Biconomy and the Ethereum Foundation have published ERC-8211, a new Ethereum standard that changes how multi-step transactions get built and executed onchain. The standard, called smart batching, lets users and AI agents sign a single transaction covering an entire DeFi strategy, with each step’s values calculated at the exact moment the transaction runs rather than when it is signed.
The announcement came through Biconomy’s post on X, where the team described the standard as co-developed alongside the Ethereum Foundation’s UX improvement track. As ETH_Daily reported on X, the fix addresses a core problem: current batching on Ethereum locks in every number at signing time. Prices move. Outputs shift. The whole batch fails or leaves dust behind.
Static Execution Has Been Costing Users
The failure mode is straightforward. An agent wants to swap 1 ETH for USDC, then supply all of it to Aave. It has to guess the swap output before signing. If slippage returns 1,980 USDC instead of the hardcoded 2,000, the supply call fails and the entire batch reverts. If the agent guesses low at 1,950 to avoid that, 50 USDC sits idle. There is no way to say “supply whatever actually arrived.”
Teams that needed to go beyond this built custom smart contracts for every flow. New audit cycles, new deployment costs, new attack surface each time a strategy changed. Every team rebuilt the same infrastructure independently with no composability between them.
ERC-8211 cuts out that entire layer. Parameters are no longer pre-encoded. The EVM reads live onchain state at execution, validates it against inline constraints, then builds the calldata from what actually exists. No stale data passes through.
As Ethereum’s official account posted on X:
“ERC-8211 allows users and agents to express multi-step composable actions as a simple off-chain script with built-in safety.”
The standard is built on three components. Fetchers pull live values from onchain state at execution time, reading balances, oracle prices, or any contract’s view function. Constraints sit on top of those values, enforcing minimum amounts or maximum caps before a call proceeds. If a resolved balance is zero, it fails safely rather than passing through silently.
Why Agents Cannot Deviate After Signing
Predicate entries are the third piece. They act as boolean gates on chain state, checking whether conditions are met before anything executes. A cross-chain batch can include a predicate that waits for bridged funds to arrive on the destination chain. The relayer simulates the batch, and if the funds haven’t landed yet, it holds. The moment they do, it submits.
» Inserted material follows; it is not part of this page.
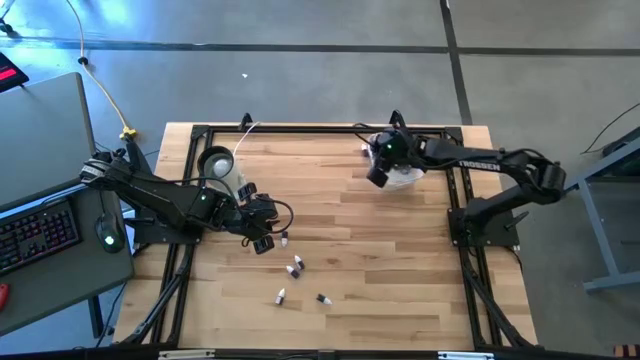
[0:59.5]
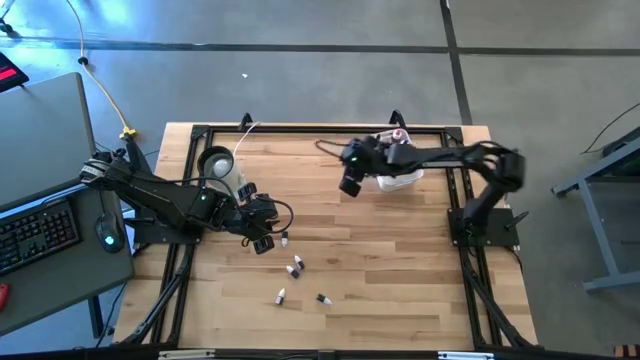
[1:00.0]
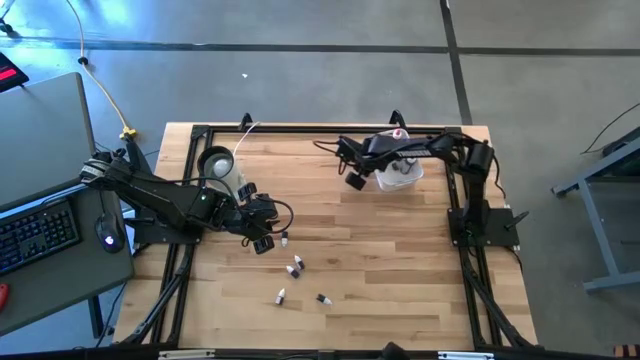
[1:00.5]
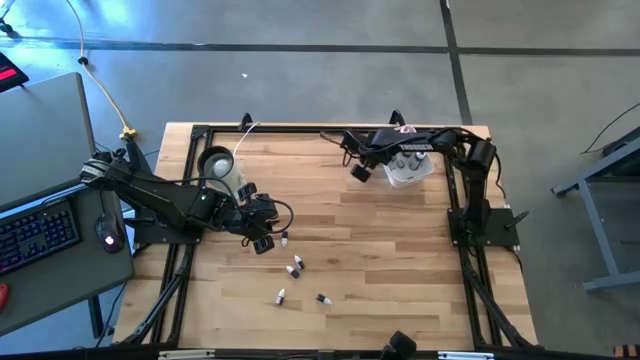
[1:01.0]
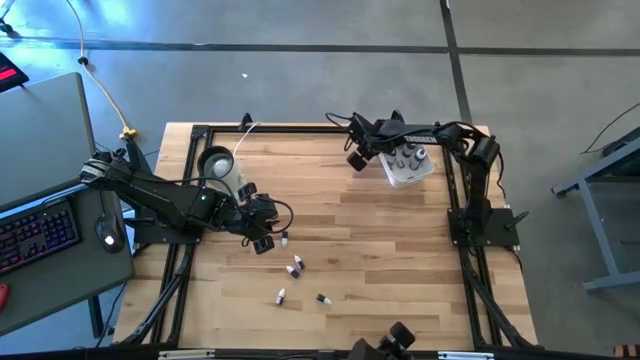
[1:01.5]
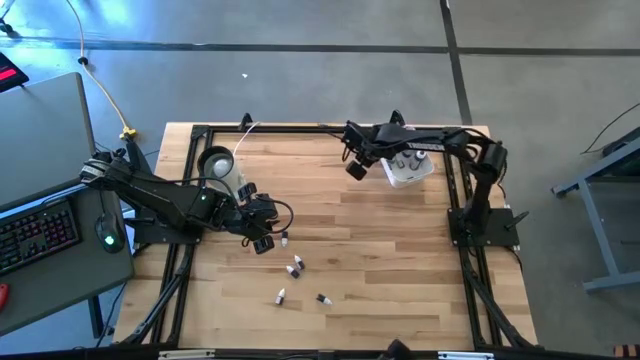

This structure also closes the hallucination problem for agent-executed transactions. Once a user reviews and signs the batch, the agent cannot deviate during execution. The relayer handles submission. Constraints are validated entirely onchain. The relayer cannot forge or redirect funds. What was signed is what runs, or the batch reverts.
ETH_Daily noted on X that the practical change is significant for ordinary users. Instead of specifying “swap 100 USDC, supply exactly 0.049 WETH,” a user can instruct: “swap 100 USDC, take whatever WETH arrives, supply all of it, but only if it clears my minimum.” The batch executes that logic or does not execute at all.
The Standard Is Account-Agnostic by Design
ERC-8211 works across ERC-7579 accounts, ERC-6900 accounts, native smart account implementations, ERC-7702 EOAs, and simple EOAs. All paths consume the same encoding and follow the same execution algorithm. It is compatible with ERC-7683, ERC-4337, and the interop standards under the Ethereum Foundation’s UX track.
The reference implementation is open source and the SDK is being built publicly. A live demo is already available. The Ethereum Magicians discussion thread is open for technical feedback, and a builder community is live on Telegram.
Biconomy described teams like Virtuals, Bankr, and AskGina as already pushing autonomous onchain execution but still defaulting to simple swaps, not from lack of intelligence but from lack of a shared standard to express anything more complex. ERC-8211 is positioned as that shared layer.
The standard also fits into a broader agent stack being developed on Ethereum, alongside ERC-8004 for agent identity, ERC-8183 for agent commerce, and x402 for agent payments. Smart batching is designed to handle what those standards leave unaddressed: the execution itself.